Do okienka dyżurnego nidzickiej komendy podeszła kobieta informując, że przed chwilą zatrzasnęła w samochodzie swoje 3-miesięczne dziecko. Do niefortunnego zatrzaśnięcia auta doszło, gdy 27-latka pozostawiła kluczyki na przednim siedzeniu kierowcy i zajęła się zapięciem dziecka w foteliku. Po zamknięciu drzwi od strony pasażera, zadziałał centralny zamek, który zablokował wszystkie drzwi i uwięził w ten sposób 3 miesięcznego niemowlaka wewnątrz pojazdu. Cała sytuacja rozegrała się na parkingu przed nidzicką komendą.
Z uwagi na to, że nie można było dostać się do wnętrza pojazdu, policjanci poprosili o pomoc ślusarza.

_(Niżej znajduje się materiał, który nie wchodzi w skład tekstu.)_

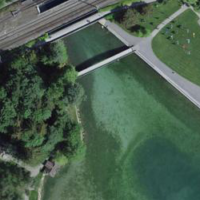
EUNIS habitat code: 14
Species observed at this site:
Tachybaptus ruficollis
Allium ursinum
Certhia brachydactyla
Corvus corone
Podiceps cristatus
Turdus philomelos
Fulica atra
Anas crecca
Microcarbo pygmaeus
Turdus viscivorus
Buteo buteo
Anthus pratensis
Gallinago gallinago
Sylvia atricapilla
Spinus spinus
Chroicocephalus ridibundus
Phylloscopus collybita
Poecile palustris
Larus michahellis
Cygnus olor
Alauda arvensis
Gallinula chloropus
Erithacus rubecula
Pica pica
Sitta europaea
Garrulus glandarius
Accipiter nisus
Motacilla cinerea
Mergus serrator
Cyanistes caeruleus
Corylus avellana
Anas platyrhynchos
Sturnus vulgaris
Chloris chloris
Aythya ferina
Troglodytes troglodytes
Larus canus
Corvus frugilegus
Aythya fuligula
Fringilla coelebs
Passer domesticus
Coloeus monedula
Mareca penelope
Carduelis carduelis
Turdus merula
Columba palumbus
Passer montanus
Phalacrocorax carbo
Spatula clypeata
Mareca strepera
Parus major
Hirundo rustica
Mergus merganser
Milvus milvus
Turdus pilaris
Milvus migrans
Anser anser
Motacilla alba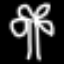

Mężczyzna zgodził się, jednakże nie miał żadnego środka komunikacji, którym mógłby szybko przybyć na miejsce zdarzenia. Oficer dyżurny polecił patrolowi policji, aby ten pojechał pod zakład pracy mężczyzny i przywiózł go radiowozem pod komendę.
W oczekiwaniu na pomoc fachowca, uwięziony w aucie maluszek zaczął płakać. Policjanci obserwując co się dzieję, wraz z matką i osobami obecnymi na miejscu zaczęli... kołysać samochodem, co przyniosło pożądany efekt. Niemowlę uspokoiło się i niczego nieświadome, zasnęło. Po chwili na miejscu pojawił się ślusarz, który po kilkunastu minutach otworzył auto.
Jak później się okazało, 27-latka przyjechała do Nidzicy pożyczonym samochodem, na przesłuchanie w charakterze świadka. Jego właściciel zapomniał powiedzieć jej, że pilot od samochodu jest popsuty o czym niestety sama zdążyła się przekonać.